Sondage à l’intention des travailleurs de l’artisanat

Le secteur Arts et métiers d’Unia lance une enquête auprès des artisans sur leur situation au temps du coronavirus, et en vue des négociations salariales

En écho à l’Appel solidaire pour garantir les salaires et les emplois, et en marge des négociations salariales de cet automne, Unia lance une enquête nationale auprès du personnel de l’ensemble des branches de l’artisanat (second œuvre, garages, construction métallique…). As-tu continué à travailler pendant le semi-confinement? As-tu travaillé plus que l’horaire habituel pour rattraper d’éventuels retards dus à la crise? Quelles sont tes revendications en vue des négociations de cet automne? Voici quelques-unes des questions posées en ligne aux salariés du secteur. «Jusqu’à présent, nous savons que la majorité d’entre eux ont continué à travailler durant la crise, sauf au Tessin et, dans une moindre mesure, dans les cantons de Vaud et de Genève où certaines entreprises ont fait appel aux RHT. Pourtant, nous estimons que le volume de travail se maintient de manière générale aujourd’hui à un haut niveau», explique Yannick Egger, membre de la direction des Arts et métiers d’Unia.

Pour le responsable syndical, plusieurs branches de l’artisanat auraient même bénéficié du semi-confinement dans le sens où davantage de personnes ont fait appel à des ouvriers pour rénover leur maison. «Avec l’application des mesures de protection contre le Covid, il a pu y avoir toutefois un ralentissement dans le travail. Nous souhaiterions donc notamment savoir si les employeurs ont exigé des cadences accrues, encore plus malvenues en été avec ces périodes caniculaires, souligne Yannick Egger. Nous refusons que les salariés subissent cette double peine, alors qu’ils ont déjà travaillé pendant le semi-confinement au péril de leur santé.» Cet automne, Unia demandera donc une augmentation salariale dans ces branches.

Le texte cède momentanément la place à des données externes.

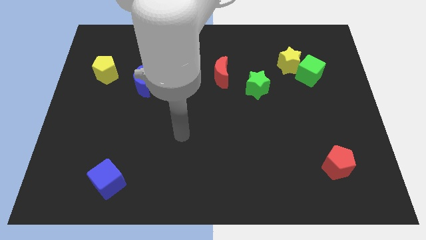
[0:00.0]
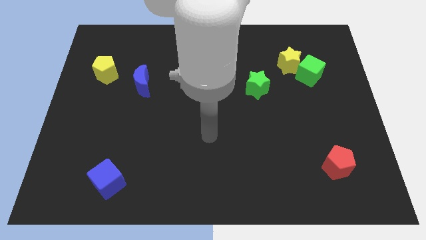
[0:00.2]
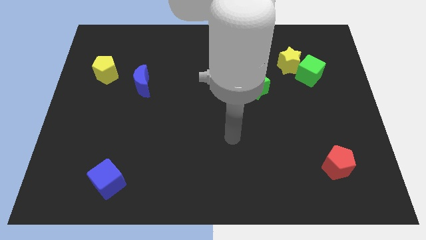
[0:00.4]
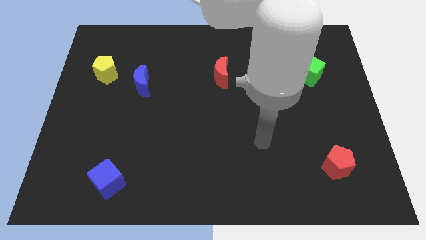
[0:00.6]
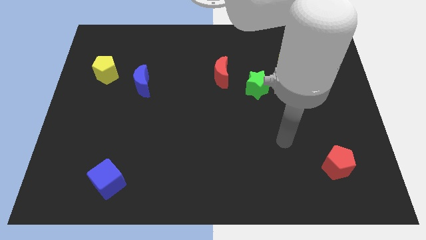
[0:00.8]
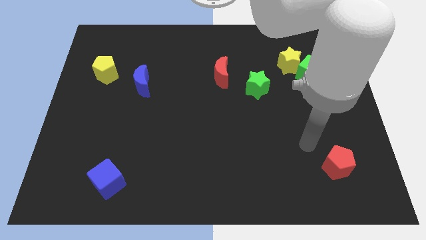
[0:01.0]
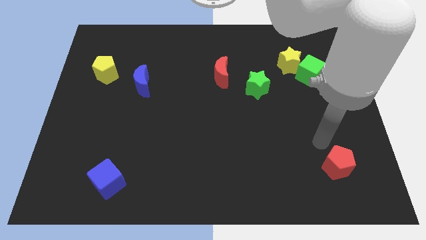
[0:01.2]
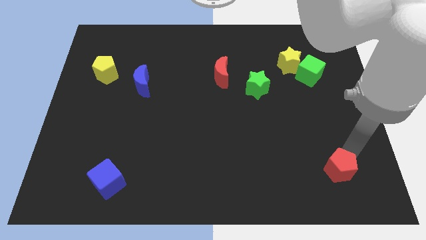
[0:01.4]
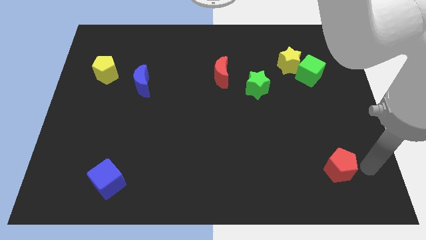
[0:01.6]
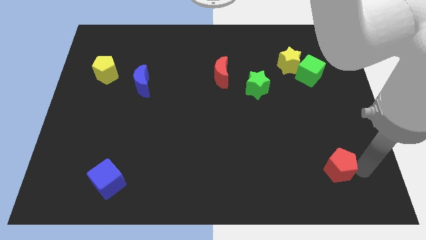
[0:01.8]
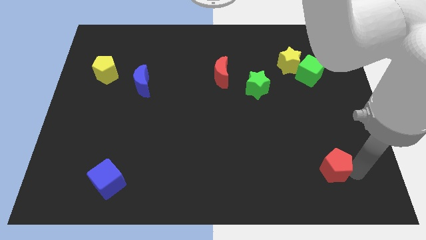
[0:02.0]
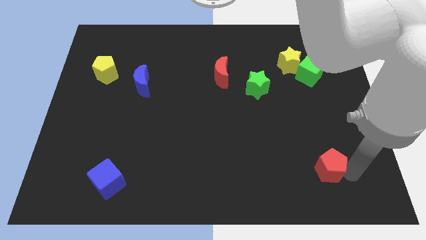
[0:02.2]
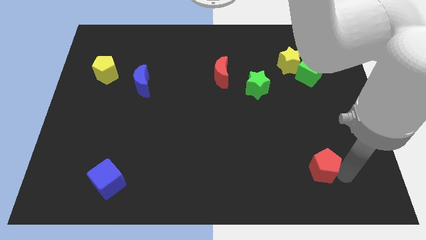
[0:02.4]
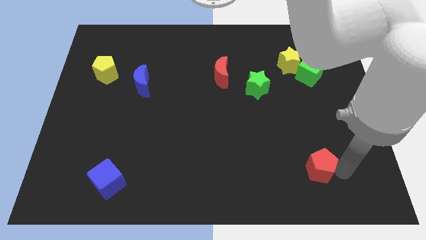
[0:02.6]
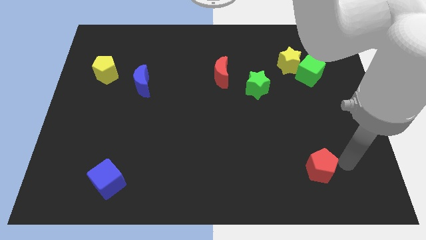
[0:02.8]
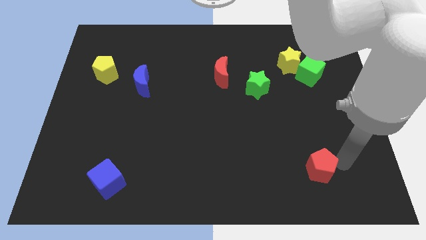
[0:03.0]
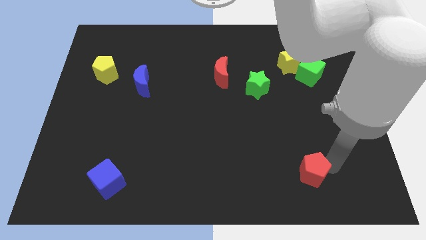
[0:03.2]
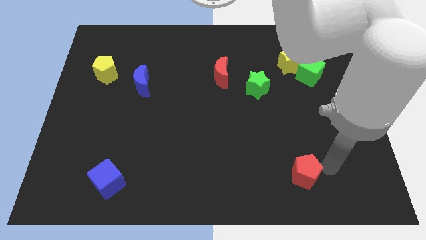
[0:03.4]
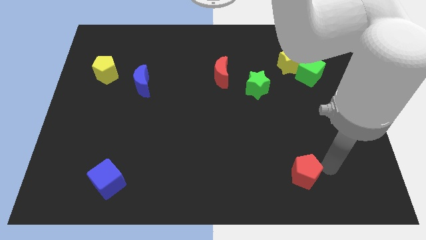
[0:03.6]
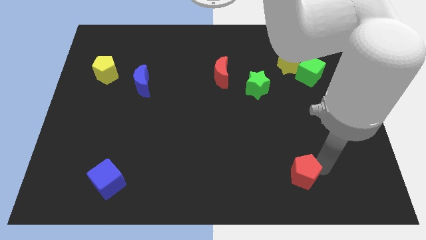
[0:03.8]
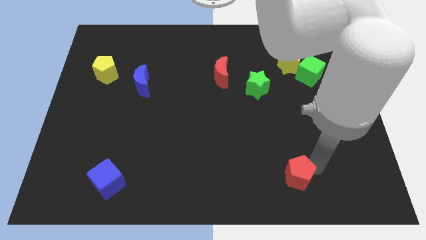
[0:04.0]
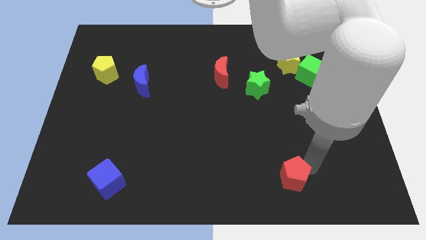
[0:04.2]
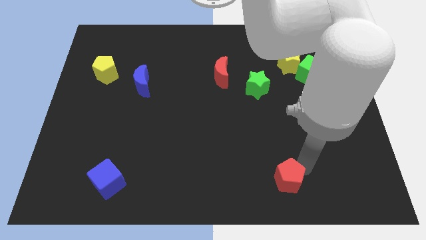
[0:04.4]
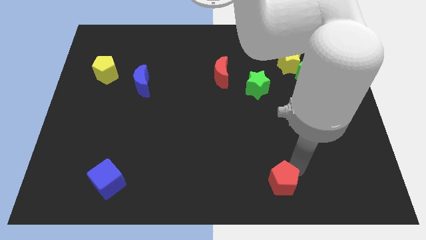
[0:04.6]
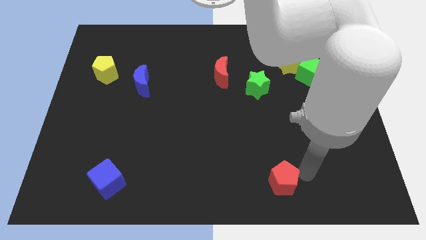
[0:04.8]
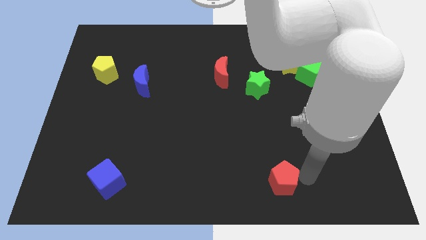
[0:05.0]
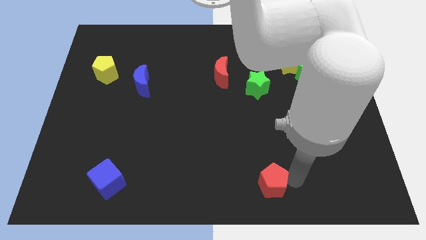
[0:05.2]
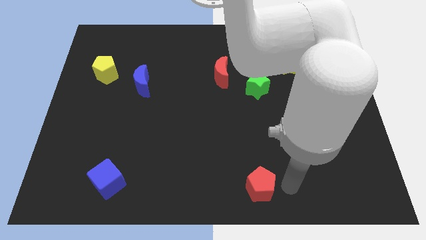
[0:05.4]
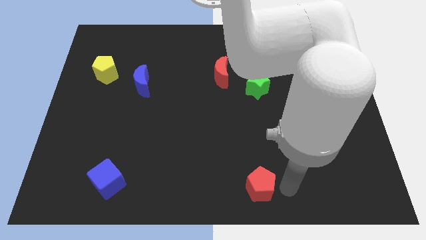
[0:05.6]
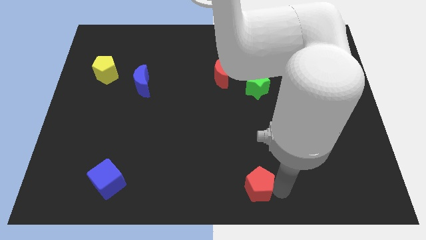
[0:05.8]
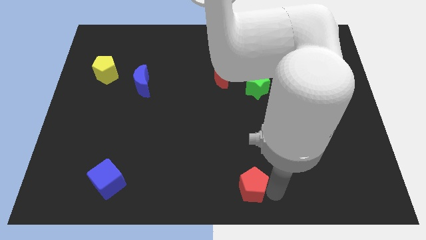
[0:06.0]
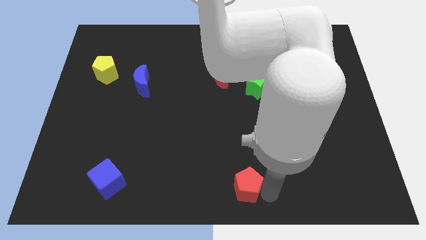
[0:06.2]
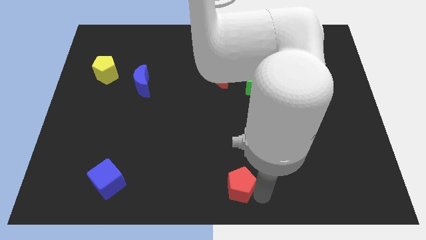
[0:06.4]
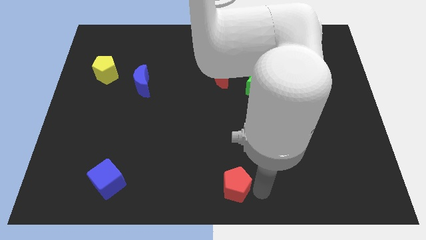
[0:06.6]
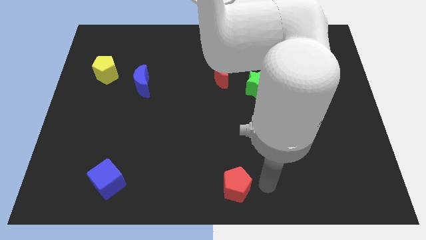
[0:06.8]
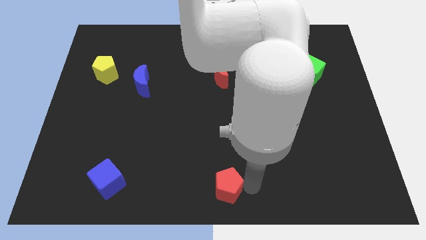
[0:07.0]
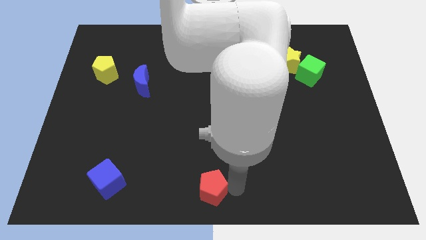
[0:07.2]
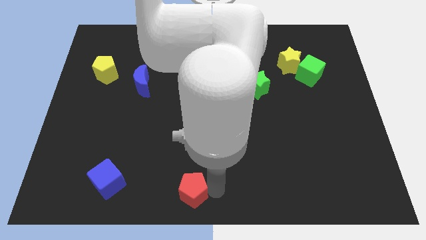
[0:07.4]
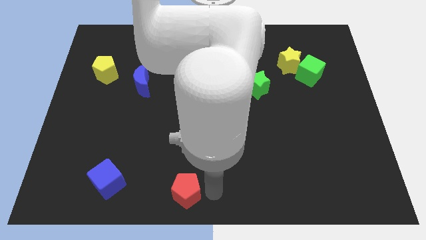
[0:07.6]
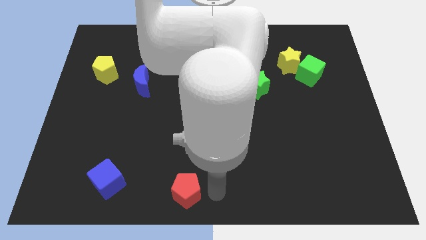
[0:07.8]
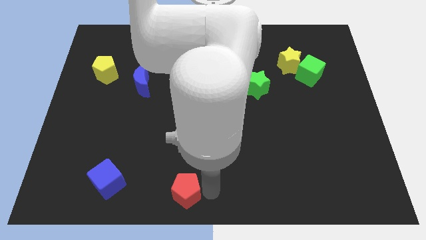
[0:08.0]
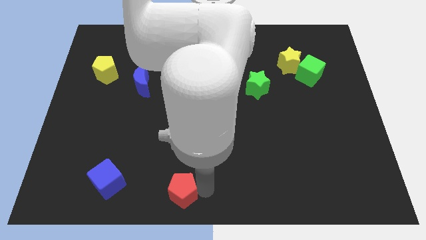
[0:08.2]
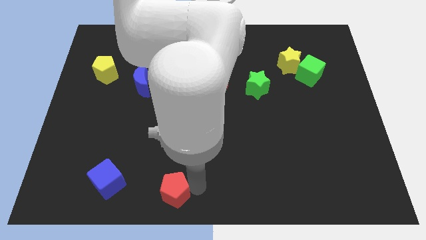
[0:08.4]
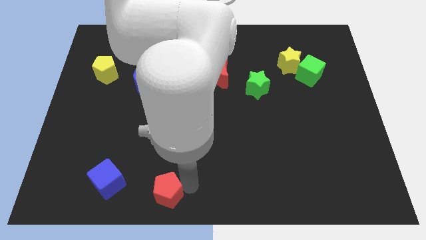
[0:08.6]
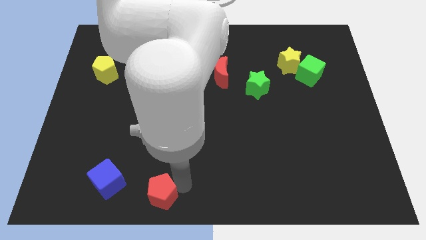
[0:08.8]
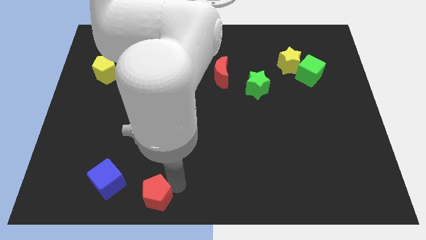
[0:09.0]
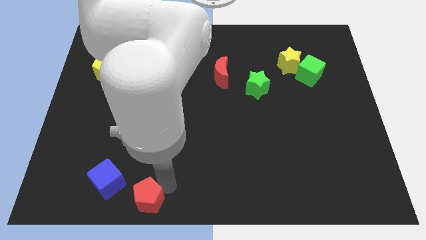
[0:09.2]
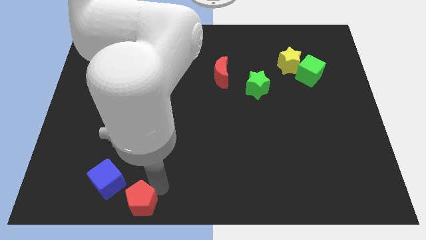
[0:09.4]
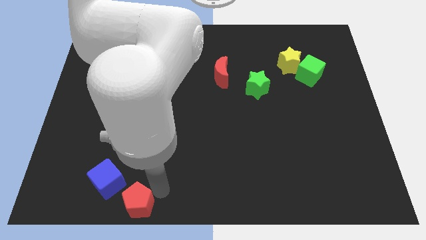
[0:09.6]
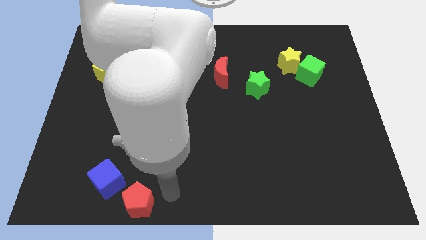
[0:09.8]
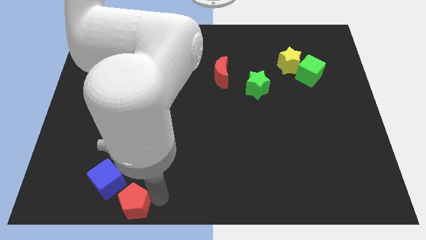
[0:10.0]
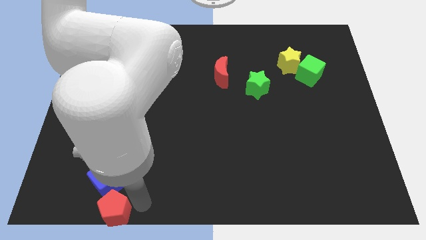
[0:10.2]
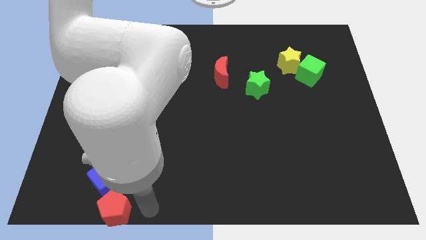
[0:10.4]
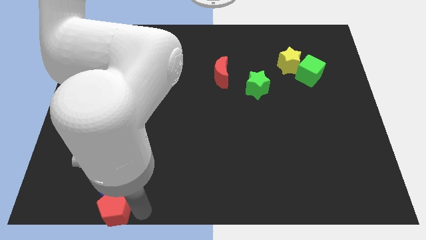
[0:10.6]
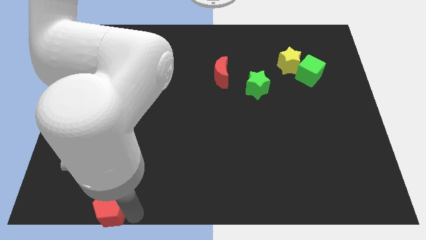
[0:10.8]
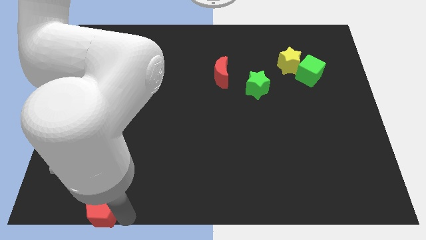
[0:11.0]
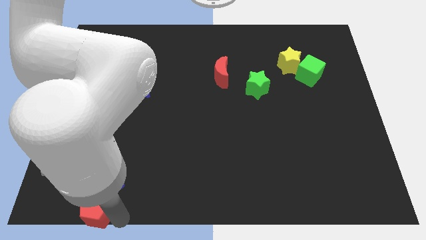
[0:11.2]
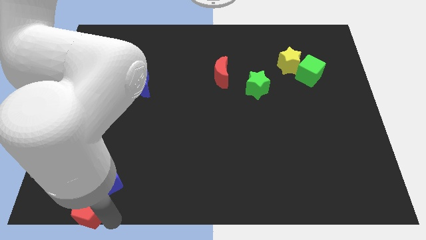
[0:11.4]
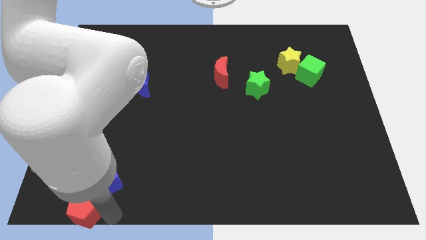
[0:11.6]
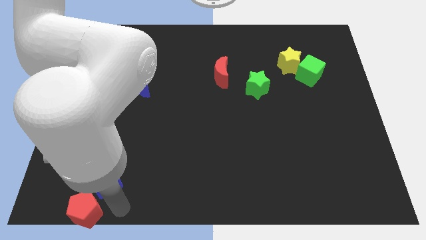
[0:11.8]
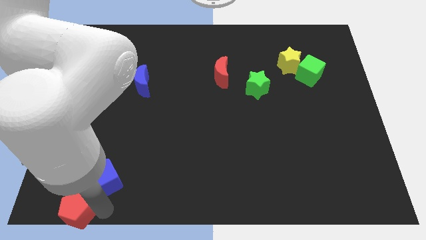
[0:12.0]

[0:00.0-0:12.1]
slide the red pentagon to the bottom left

Pour participer au questionnaire (anonyme): unia.ch

Faillites évitées grâce aux mesures transitoires?

Selon une enquête du KOF (l’institut de recherches conjoncturelles), le nombre de faillites est en diminution par rapport à l’année passée: 21% de moins en moyenne, et même 32% de moins dans les secteurs du bâtiment et de l’artisanat. Mais, comme l’indique le centre de recherche dans un communiqué daté du 10 août, le niveau bas des faillites pourrait s’expliquer en partie par l’accès au chômage partiel, au crédit Covid-19, ainsi qu’à la suspension des poursuites pratiquée jusqu’en avril. «Il n’est toutefois pas question de lever l’alerte, car certaines faillites ont sans doute été simplement ajournées», écrit le KOF. «En l’état, il s’agirait toutefois d’entreprises qui étaient déjà en difficulté avant la crise», tempère Yannick Egger, membre de la direction des Arts et métiers d’Unia.